Work task: Leaving the pictures aside, repeat each line below exactly.

━━━━━━━━

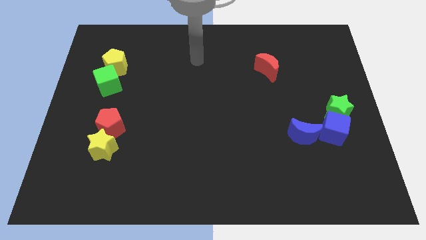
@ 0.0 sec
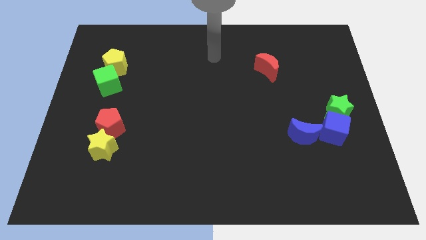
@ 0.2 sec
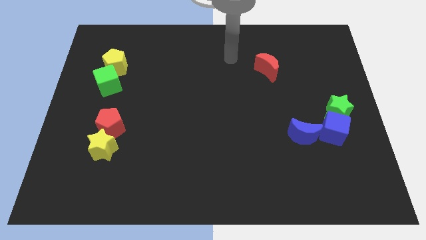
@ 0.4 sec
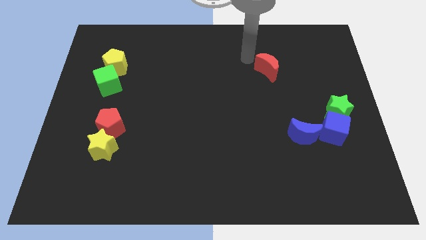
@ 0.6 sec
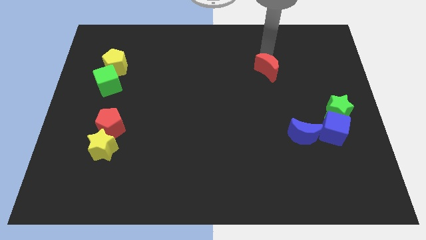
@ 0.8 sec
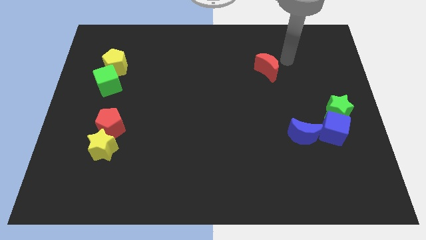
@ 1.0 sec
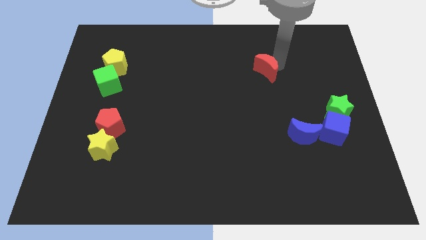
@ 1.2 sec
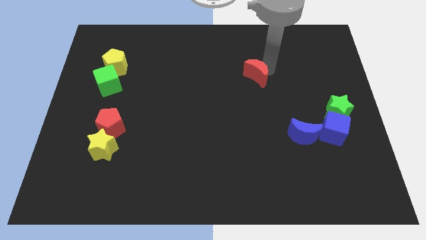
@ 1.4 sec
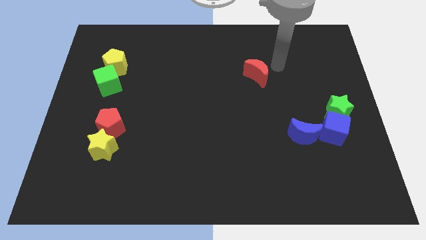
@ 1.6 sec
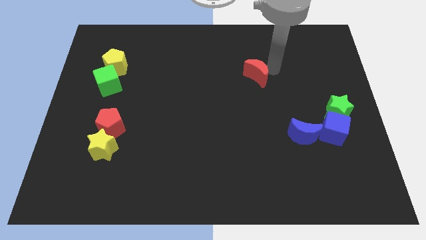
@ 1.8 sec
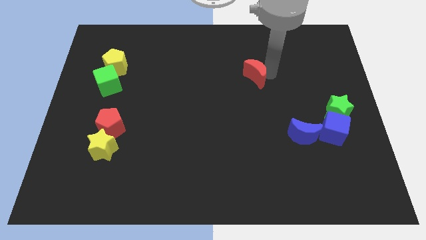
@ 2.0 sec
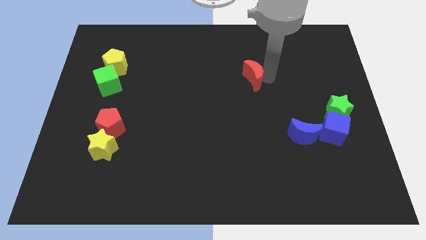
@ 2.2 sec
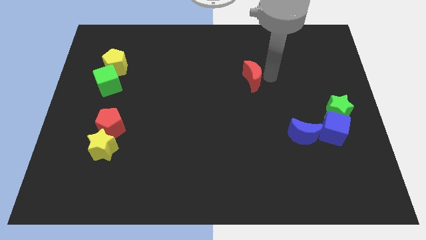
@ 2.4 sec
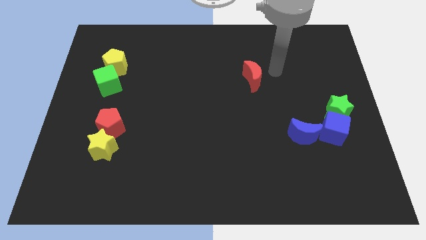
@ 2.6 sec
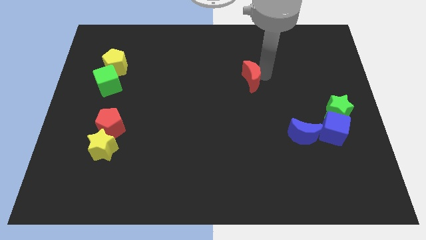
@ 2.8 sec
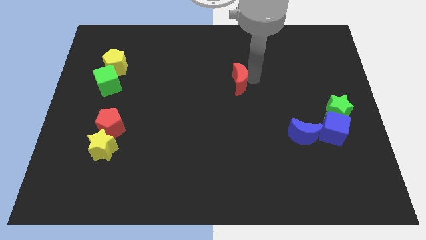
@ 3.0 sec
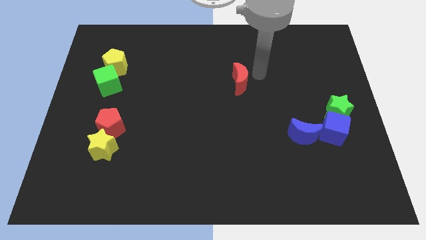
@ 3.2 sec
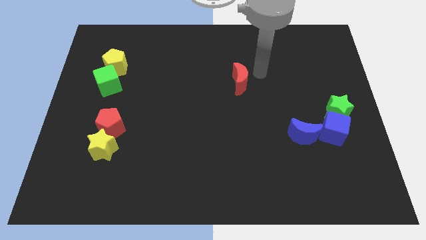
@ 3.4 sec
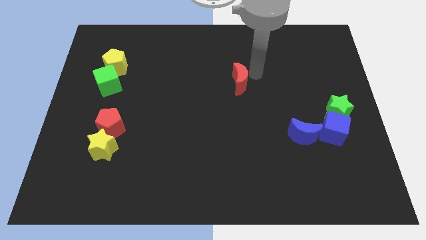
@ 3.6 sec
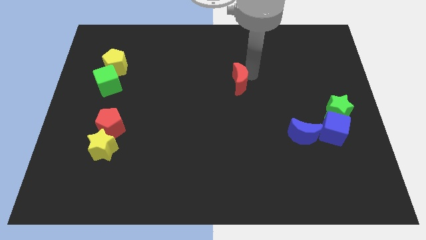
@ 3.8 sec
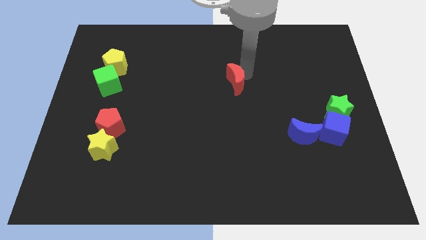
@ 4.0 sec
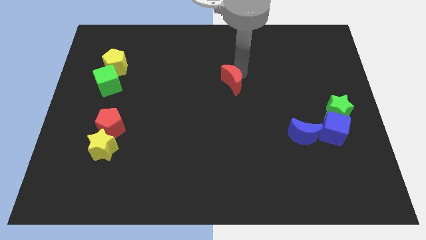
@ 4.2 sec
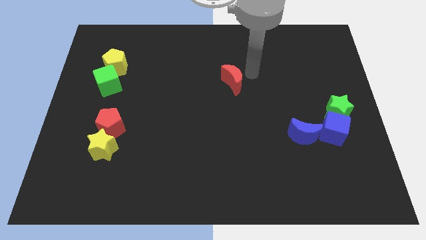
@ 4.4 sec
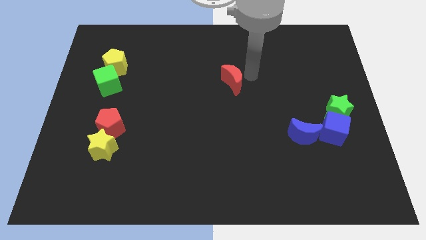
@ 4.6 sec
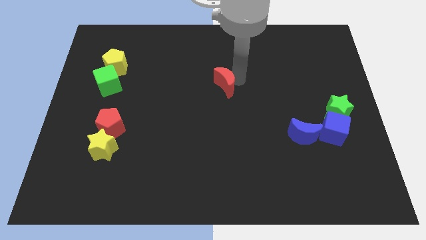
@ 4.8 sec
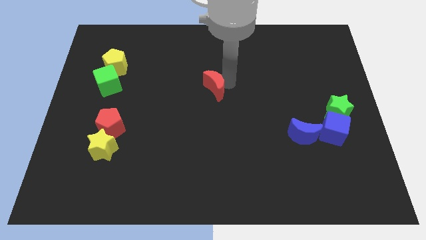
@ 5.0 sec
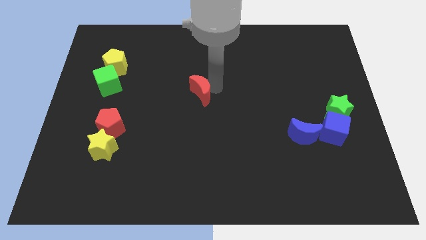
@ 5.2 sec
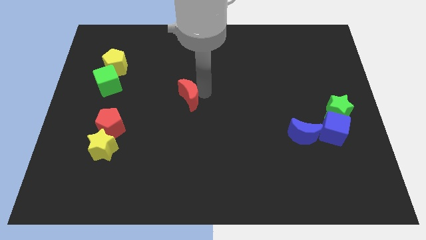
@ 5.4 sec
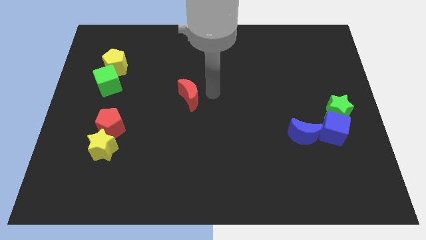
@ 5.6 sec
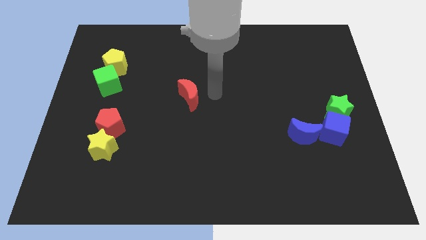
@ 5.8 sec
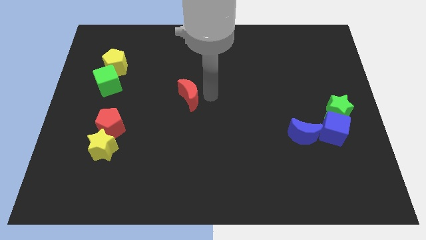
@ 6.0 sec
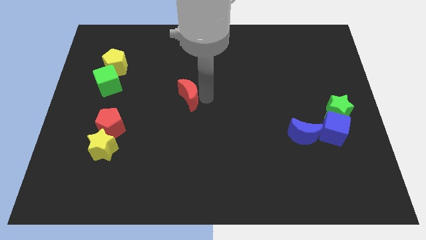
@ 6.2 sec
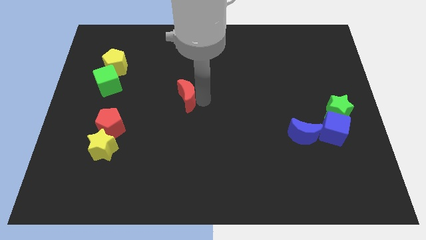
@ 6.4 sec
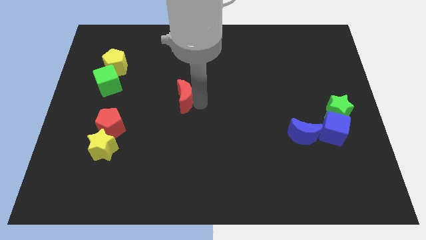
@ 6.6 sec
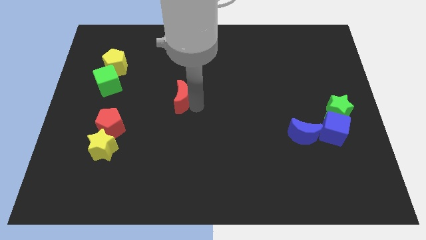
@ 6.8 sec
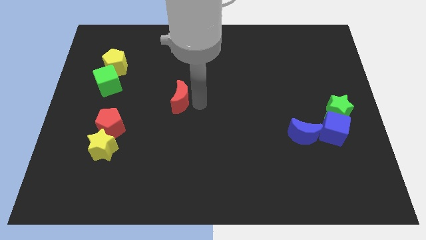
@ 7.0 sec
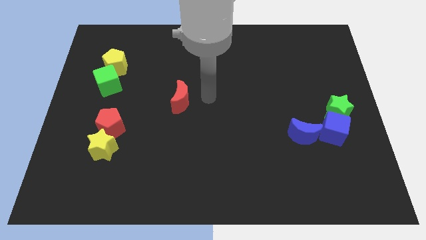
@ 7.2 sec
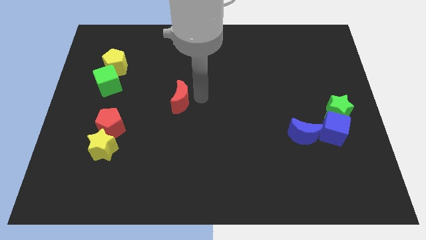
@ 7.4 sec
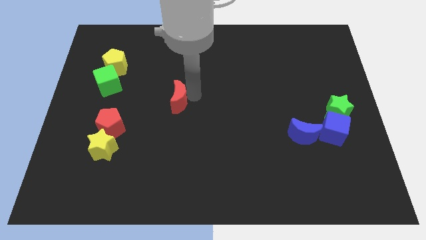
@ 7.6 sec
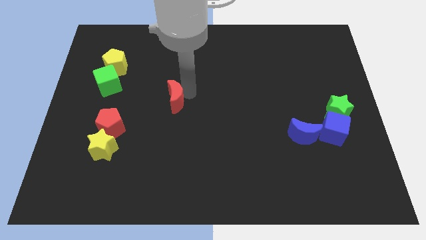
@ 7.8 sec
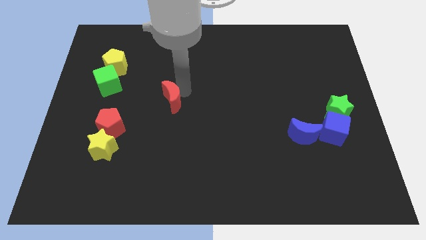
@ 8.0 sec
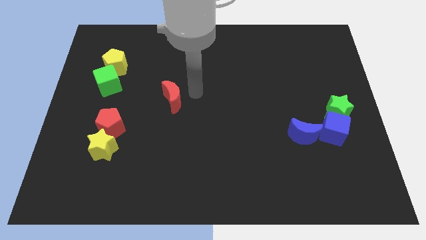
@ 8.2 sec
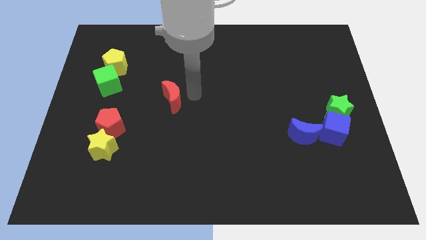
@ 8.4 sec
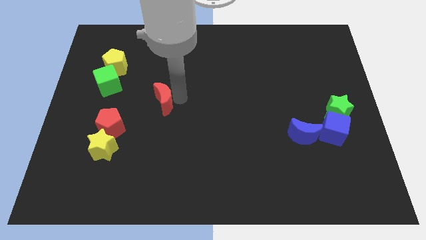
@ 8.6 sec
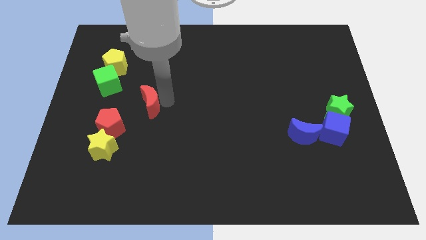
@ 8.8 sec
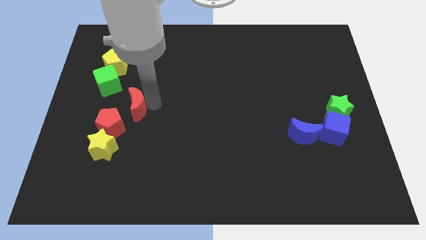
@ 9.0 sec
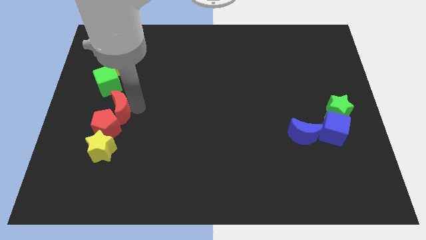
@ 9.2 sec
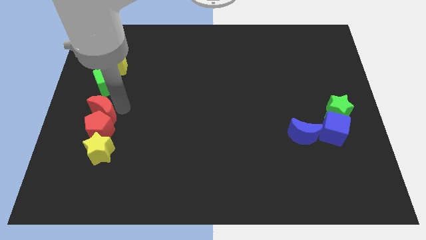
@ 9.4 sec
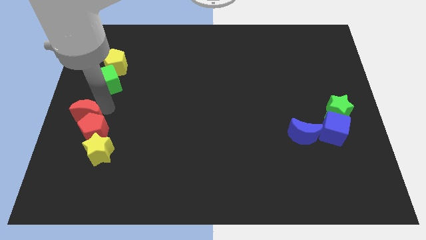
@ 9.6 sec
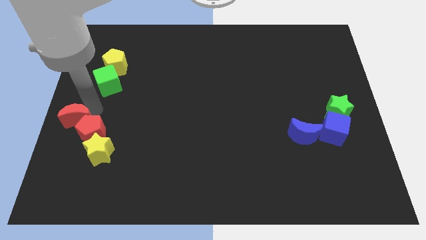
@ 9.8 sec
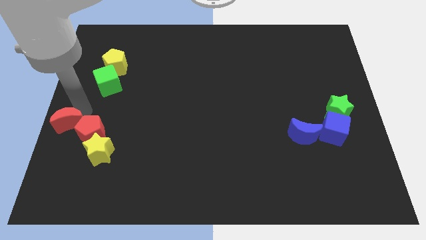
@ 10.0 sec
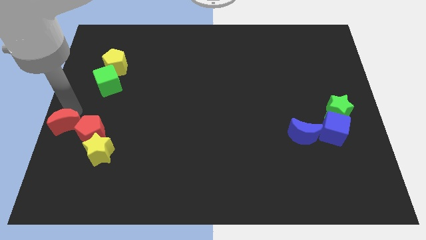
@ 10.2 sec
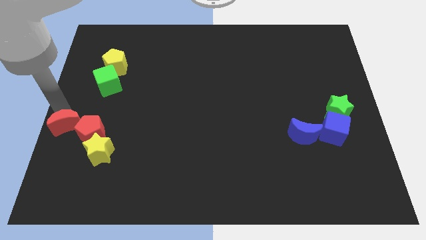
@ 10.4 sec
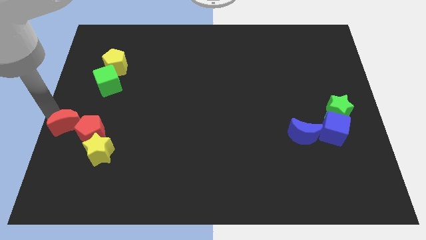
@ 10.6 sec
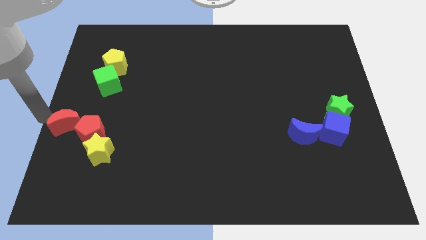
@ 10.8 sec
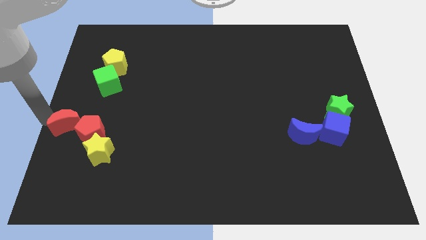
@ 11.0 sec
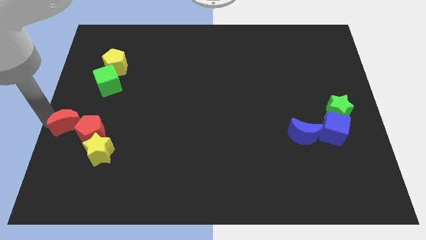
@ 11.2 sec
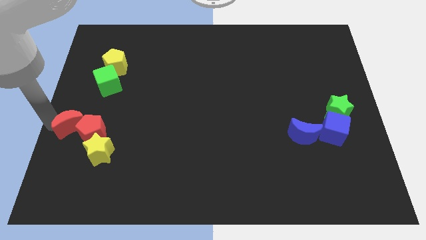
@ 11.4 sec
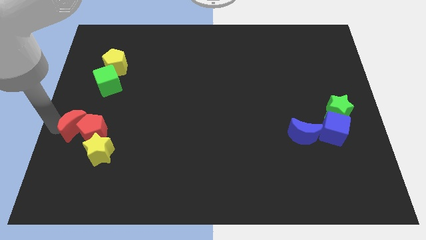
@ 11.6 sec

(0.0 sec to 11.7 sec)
put the red moon to the bottom left side of the red pentagon

━━━━━━━━

Completed task:
@ 0.0 sec
@ 0.2 sec
@ 0.4 sec
@ 0.6 sec
@ 0.8 sec
@ 1.0 sec
@ 1.2 sec
@ 1.4 sec
@ 1.6 sec
@ 1.8 sec
@ 2.0 sec
@ 2.2 sec
@ 2.4 sec
@ 2.6 sec
@ 2.8 sec
@ 3.0 sec
@ 3.2 sec
@ 3.4 sec
@ 3.6 sec
@ 3.8 sec
@ 4.0 sec
@ 4.2 sec
@ 4.4 sec
@ 4.6 sec
@ 4.8 sec
@ 5.0 sec
@ 5.2 sec
@ 5.4 sec
@ 5.6 sec
@ 5.8 sec
@ 6.0 sec
@ 6.2 sec
@ 6.4 sec
@ 6.6 sec
@ 6.8 sec
@ 7.0 sec
@ 7.2 sec
@ 7.4 sec
@ 7.6 sec
@ 7.8 sec
@ 8.0 sec
@ 8.2 sec
@ 8.4 sec
@ 8.6 sec
@ 8.8 sec
@ 9.0 sec
@ 9.2 sec
@ 9.4 sec
@ 9.6 sec
@ 9.8 sec
@ 10.0 sec
@ 10.2 sec
@ 10.4 sec
@ 10.6 sec
@ 10.8 sec
@ 11.0 sec
@ 11.2 sec
@ 11.4 sec
@ 11.6 sec

(0.0 sec to 11.7 sec)
put the red moon to the bottom left side of the red pentagon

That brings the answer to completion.